Sending test messages to Syslog-ng Premium Edition and Syslog-ng Store Box (4278392)

The loggen application is a tool to test and stress-test your syslog server and the connection to the server. It can send syslog messages to the server at a specified rate, using a number of connection types and protocols, including TCP, UDP, and unix domain sockets. The messages can be generated automatically (repeating the PADD string over and over), or read from a file or the standard input.
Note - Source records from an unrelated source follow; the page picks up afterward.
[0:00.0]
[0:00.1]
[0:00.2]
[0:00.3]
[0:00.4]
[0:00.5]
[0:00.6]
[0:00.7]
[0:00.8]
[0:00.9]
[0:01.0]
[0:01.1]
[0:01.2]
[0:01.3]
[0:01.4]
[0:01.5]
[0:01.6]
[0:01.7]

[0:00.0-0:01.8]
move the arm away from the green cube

Example message generated by loggen:

Dec  4 12:13:04 syslog-ng prg00000[1234]: seq: 0000000000, thread: 0000, runid: 1543921984, stamp: 2018-12-04T12:13:04 PADDPADDPADDPADDPADDPADDPADDPADDPADDPADDPADDPADDPADDPADDPADDPADDPADDPADDPADDPADDPADDPADDPADDPADDPADDPADDPADDPADDPAD

Examples

The following section will show some example use-cases. For more options and details see section "Additional information".

Note that all options have a short and a long name. For better understanding longer names will be used.
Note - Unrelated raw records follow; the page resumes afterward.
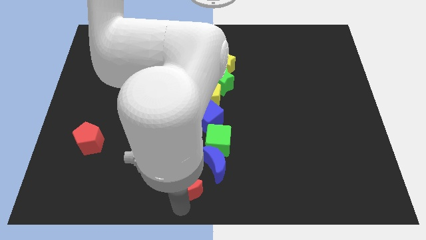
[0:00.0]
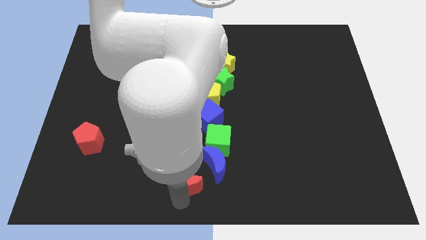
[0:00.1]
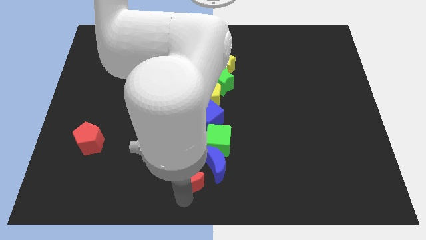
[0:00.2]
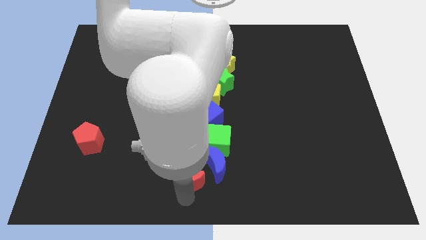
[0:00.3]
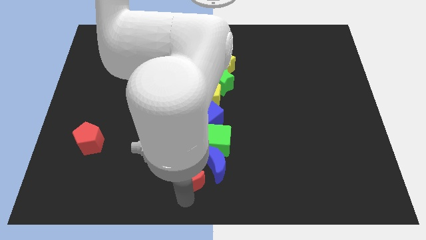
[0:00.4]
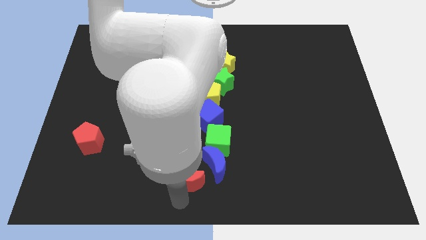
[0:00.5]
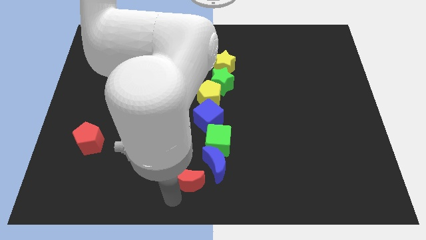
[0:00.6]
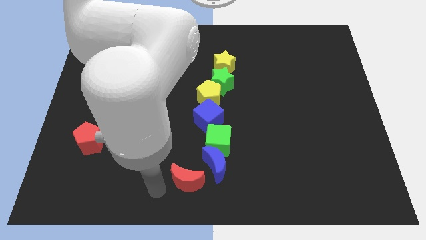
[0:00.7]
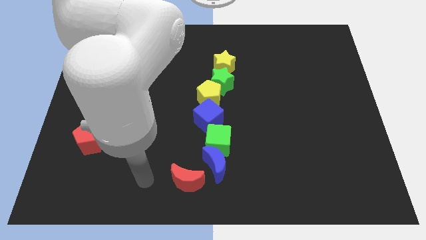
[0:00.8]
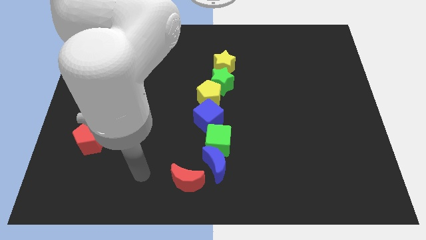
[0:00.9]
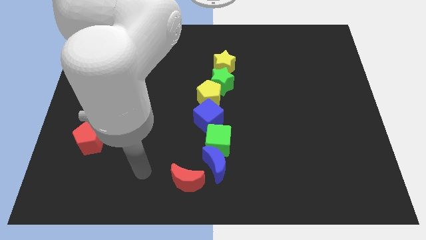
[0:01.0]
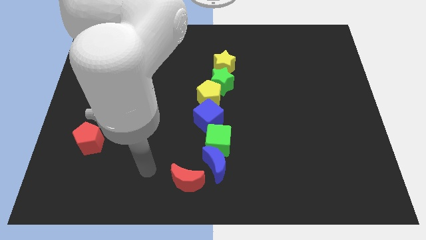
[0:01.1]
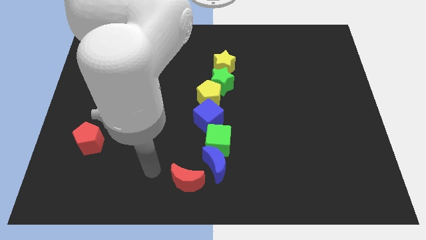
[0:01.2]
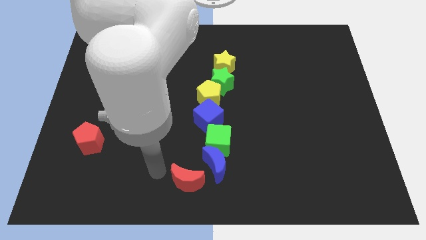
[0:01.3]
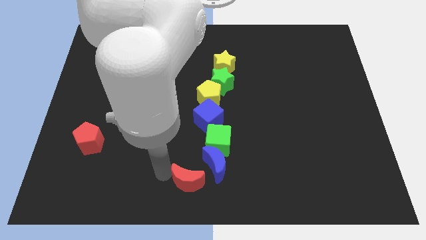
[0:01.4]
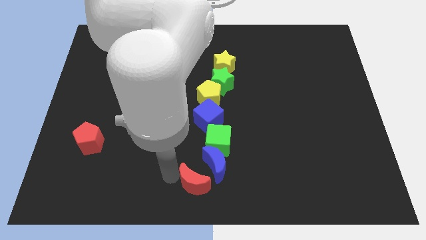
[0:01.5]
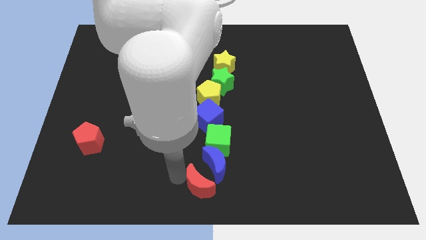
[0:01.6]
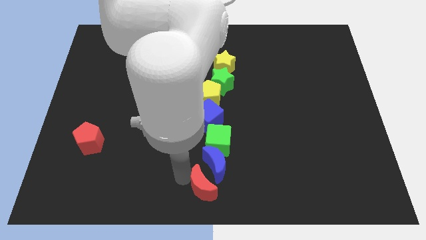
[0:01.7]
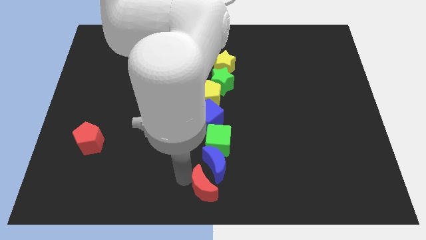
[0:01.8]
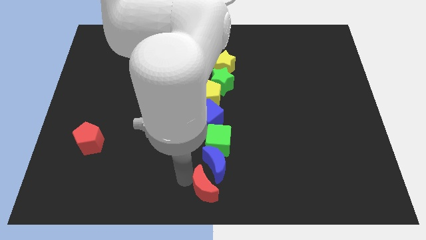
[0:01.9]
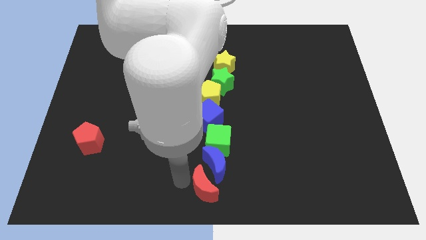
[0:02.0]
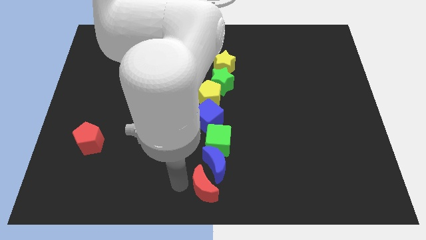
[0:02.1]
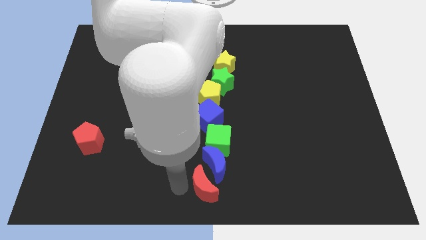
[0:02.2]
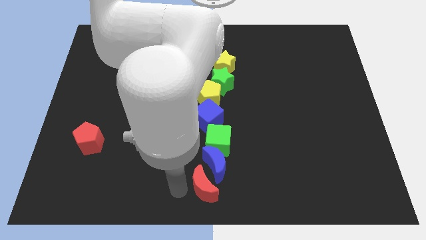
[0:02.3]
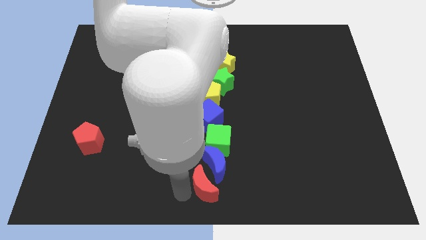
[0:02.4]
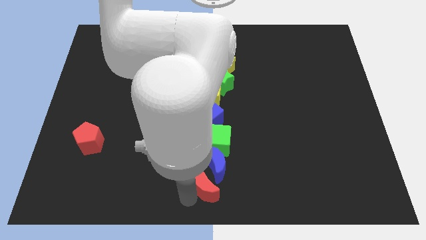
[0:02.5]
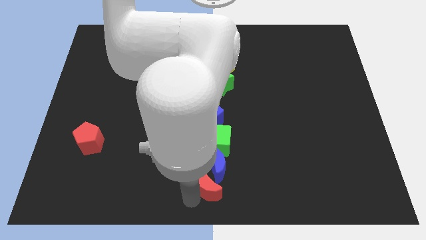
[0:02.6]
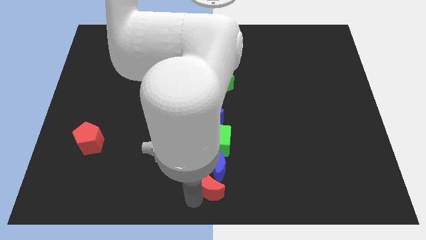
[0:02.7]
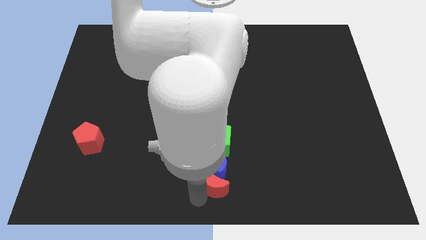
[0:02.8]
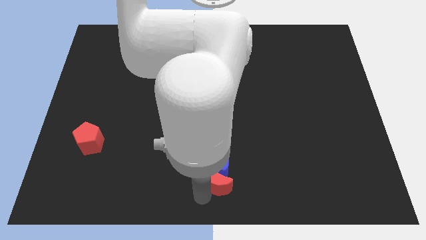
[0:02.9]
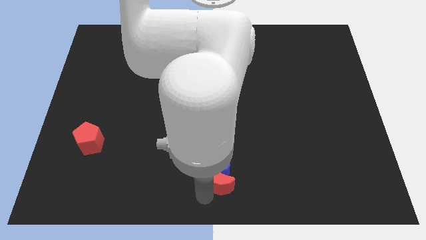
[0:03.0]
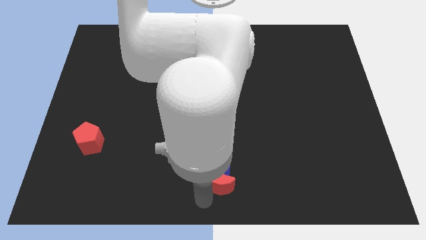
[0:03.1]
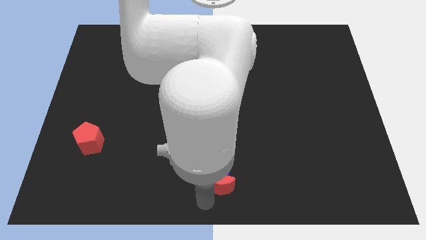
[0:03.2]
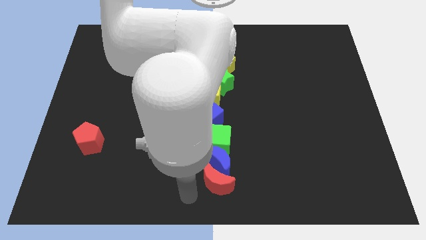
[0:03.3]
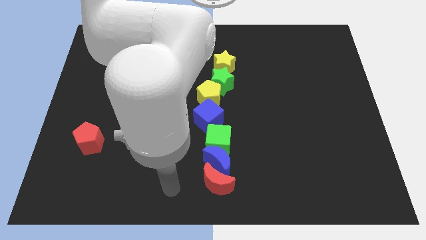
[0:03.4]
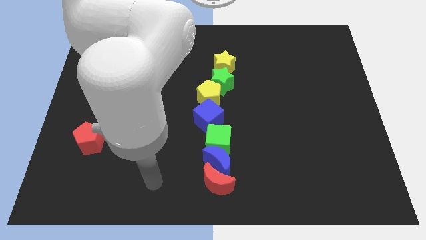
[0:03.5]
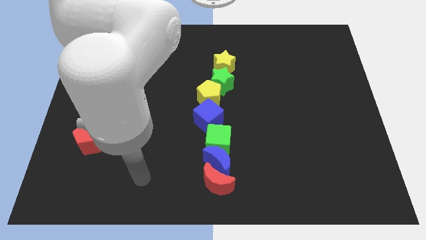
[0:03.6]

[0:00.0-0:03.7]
push the red crescent into the blue crescent

• No options - default values

loggen 10.10.10.10 514

average rate = 1028.94 msg/sec, count=10291, time=10.001, (average) msg size=256, bandwidth=257.09 kB/sec

If running loggen only with the destination host and port the defaults are the following.

• Running time (-I, --interval=): 10 seconds
• Message rate (-r, --rate=): 1000 msg/s
• BSD-syslog protocol over TCP

• IETF format (-P, --syslog-proto)

loggen --syslog-proto 10.10.10.10 601

• Sending messages to a unix domain-socket

loggen --unix --stream /opt/syslog-ng/var/run/syslog-ng.sock

• Sending messages via UDP (-D, --dgram)

loggen --dgram 10.10.10.10 514

• Specifying message rate (2000 msg/s) and size (4096 bytes)

loggen  --rate 2000 --size 4096 10.10.10.10 514

• Specifying running time (100s) and the number of messages (20000)

loggen  --interval 100 --number 20000 10.10.10.10 514

Note that when the --interval (-I) and --number (-n) are used together, loggen will send messages until the period set in --interval expires or the amount of messages set in --number is reached, whichever happens first.

• Sending a single IETF log with SDATA (-p, --sdata)

loggen --syslog-proto --number 1 --sdata '[example@0 class="high"]' 10.10.10.10 601

• Sending TLS encrypted messages

loggen --use-ssl 10.10.10.10 601

Note that it is not possible to check the certificate of the target, or to perform mutual authentication.

• Reading messages from file

loggen --read-file /path/to/log 10.10.10.10 514

• Reading BSD-syslog messages from standard input

echo "`date '+%b %e %H:%M:%S'` $HOSTNAME loggen test message" | /opt/syslog-ng/bin/loggen 10.10.10.10 514 --read-file -

Warning! To read from standard input the dash (-) character at the end of the command line must be used.

• Sending IETF-syslog messages from standard input

HEADER="1 `date -Iseconds` $HOSTNAME loggen - - -" MSG="test message" MESSAGE="$HEADER $MSG" MSGLENGTH=`echo $MESSAGE | wc -c` echo "$MSGLENGTH $MESSAGE" | /opt/syslog-ng/bin/loggen 10.21.10.10 1000 -P -d -R -

• Sending IETF-syslog messages from standard input (UTF-8 encoded)

HEADER="1 `date -Iseconds` $HOSTNAME loggen - - -" MSG="test message" BOM=`printf '\xEF\xBB\xBF'` MESSAGE="$HEADER $BOM $MSG" MSGLENGTH=`echo $MESSAGE | wc -c` echo "$MSGLENGTH $MESSAGE" | /opt/syslog-ng/bin/loggen 10.21.10.10 1000 -P -d -R -

• Sending non-syslog formatted messages from file

loggen --read-file /path/to/log --dont-parse 10.10.10.10 514

• Sending logs without time limit (only in syslog-ng PE 7)

loggen --permanent 10.10.10.10 514

Check the administration guide of syslog-ng for available options and more detailed description of loggen.